Antibiotic resistance – Antibiotic-resistant microorganisms, sometimes referred to as “superbugs”, may contribute to the re-emergence of diseases which are currently well controlled.  Every year, nearly half a million new cases of multidrug-resistant tuberculosis (MDR-TB) are estimated to occur worldwide The World Health Organization (WHO) reports that approximately 50 million people worldwide are infected with MDR TB, with 79 percent of those cases resistant to three or more antibiotics. In 2005, 124 cases of MDR TB were reported in the United States. Extensively drug-resistant tuberculosis (XDR TB) was identified in Africa in 2006, and subsequently discovered to exist in 49 countries, including the United States. There are about 40,000 new cases of XDR-TB per year, the WHO estimates.

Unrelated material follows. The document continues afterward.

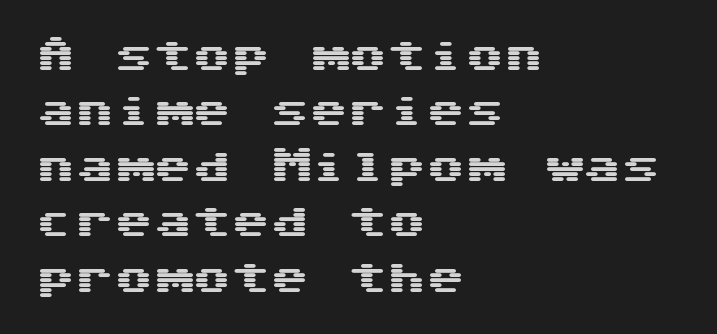
{"serif": "no", "italic": "no", "width": "wide", "stroke_contrast": "medium", "x_height": "medium", "underline": "no", "align": "left", "line_spacing": "normal", "line_spacing_ratio": 1.42, "letter_spacing": "normal", "letter_spacing_em": 0.0, "glyph_px": 39}
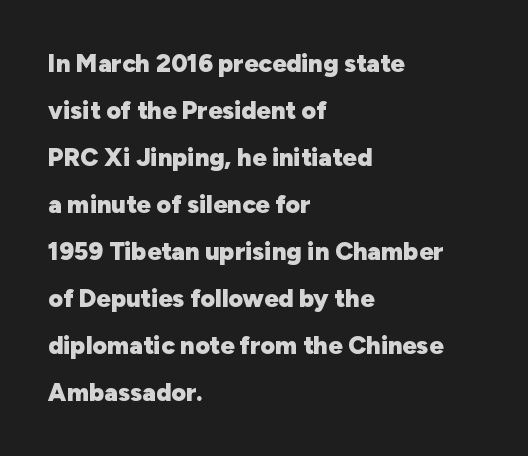
{"italic": "no", "bold": "yes", "underline": "no", "align": "left", "line_spacing_ratio": 1.88, "letter_spacing": "normal", "letter_spacing_em": 0.0, "glyph_px": 25}

SARS – In 2003, there were concerns that Severe Acute Respiratory Syndrome (SARS), a new and highly contagious form of atypical pneumonia, might become pandemic. It is caused by a coronavirus dubbed SARS-CoV. Rapid action by national and international health authorities such as the World Health Organization helped to slow transmission and eventually broke the chain of transmission, which ended the localized epidemics before they could become a pandemic. However, the disease has not been eradicated. It could re-emerge. This warrants monitoring and reporting of suspicious cases of atypical pneumonia.

Influenza – Wild aquatic birds are the natural hosts for a range of influenza A viruses. Occasionally, viruses are transmitted from these species to other species, and may then cause outbreaks in domestic poultry or, rarely, in humans.